A new sleep study confirms the value of running through new material just before bedtime, particularly it seems when that material is being learned using mnemonics or by rote.

We know that we remember more 12 hours after learning if we have slept during that 12 hours rather than been awake throughout, but is this because sleep is actively helping us remember, or because being awake makes it harder to remember (because of interference and over-writing from other experiences). A new study aimed to disentangle these effects.

In the study, 207 students were randomly assigned to study 40 related or unrelated word pairs at 9 a.m. or 9 p.m., returning for testing either 30 minutes, 12 hours or 24 hours later.

As expected, at the 12-hour retest, those who had had a night’s sleep (Evening group) remembered more than those who had spent the 12 hours awake (Morning group). But this result was because memory for unrelated word pairs had deteriorated badly during 12 hours of wakefulness; performance on the related pairs was the same for the two groups. Performance on the related and unrelated pairs was the same for those who slept.

For those tested at 24 hours (participants from both groups having received both a full night of sleep and a full day of wakefulness), those in the Evening group (who had slept before experiencing a full day’s wakefulness) remembered significantly more than the Morning group. Specifically, the Evening group showed a very slight improvement over training, while the Morning group showed a pronounced deterioration.

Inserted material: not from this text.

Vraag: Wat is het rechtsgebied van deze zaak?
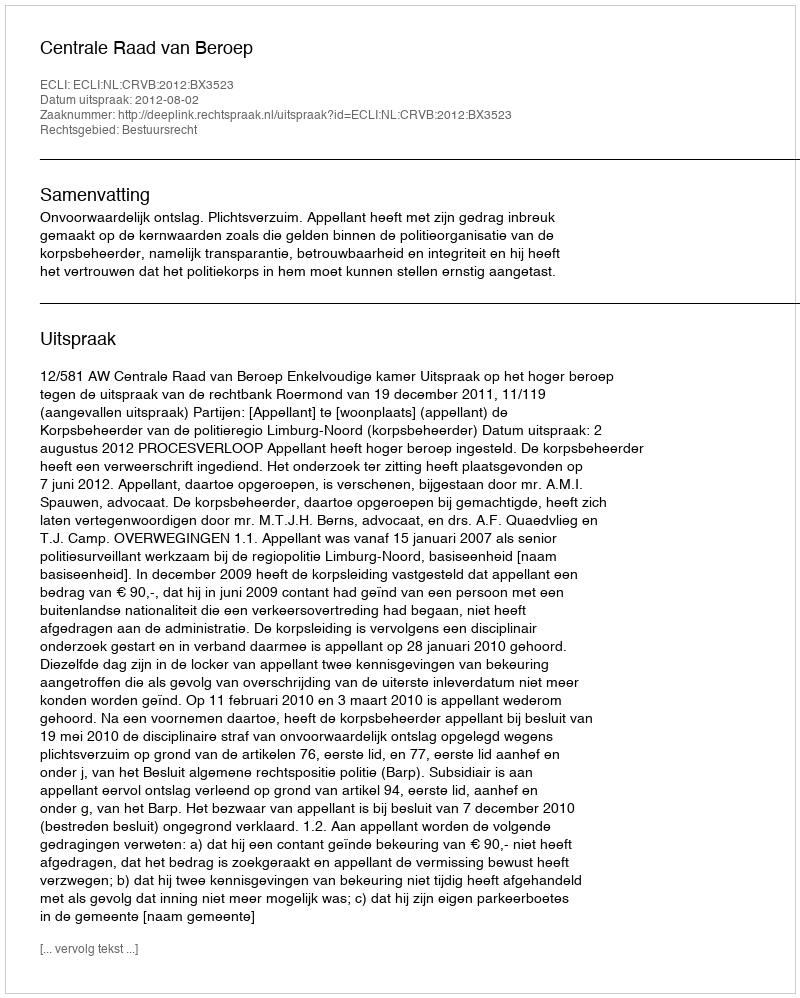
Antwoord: Bestuursrecht

This time, both groups showed a difference for related versus unrelated pairs: the Evening group showed some deterioration for unrelated pairs and a slightly larger improvement for related pairs; the Morning group showed a very small deterioration for related pairs and a much greater one for unrelated pairs. The difference between recall of related pairs and recall of unrelated pairs was, however, about the same for both groups.

In other words, unrelated pairs are just that much harder to learn than related ones (which we already know) — over time, learning them just before sleep vs learning early in the day doesn’t make any difference to that essential truth. But the former strategy will produce better learning for both types of information.

A comparison of the 12-hour and 24-hour results (this is the bit that will help us disentangle the effects of sleep and wakefulness) reveals that twice as much forgetting of unrelated pairs occurred during wakefulness in the first 12 hours, compared to wakefulness in the second 12 hours (after sleep), and 3.4 times more forgetting of related pairs (although this didn’t reach significance, the amount of forgetting being so much smaller).

In other words, sleep appears to slow the rate of forgetting that will occur when you are next awake; it stabilizes and thus protects the memories. But the amount of forgetting that occurred during sleep was the same for both word types, and the same whether that sleep occurred in the first 12 hours or the second.

Participants in the Morning and Evening groups took a similar number of training trials to reach criterion (60% correct), and there was no difference in the time it took to learn unrelated compared to related word pairs.

It’s worth noting that there was no difference between the two groups, or for the type of word pair, at the 30-minutes test either. In other words, your ability to remember something shortly after learning it is not a good guide for whether you have learned it ‘properly’, i.e., as an enduring memory.

The study tells us that the different types of information are differentially affected by wakefulness, that is, perhaps, they are more easily interfered with. This is encouraging, because semantically related information is far more common than unrelated information! But this may well serve as a reminder that integrating new material — making sure it is well understood and embedded into your existing database — is vital for effective learning.

The findings also confirm earlier evidence that running through any information (or skills) you want to learn just before going to bed is a good idea — and this is especially true if you are trying to learn information that is more arbitrary or less well understood (i.e., the sort of information for which you are likely to use mnemonic strategies, or, horror of horrors, rote repetition).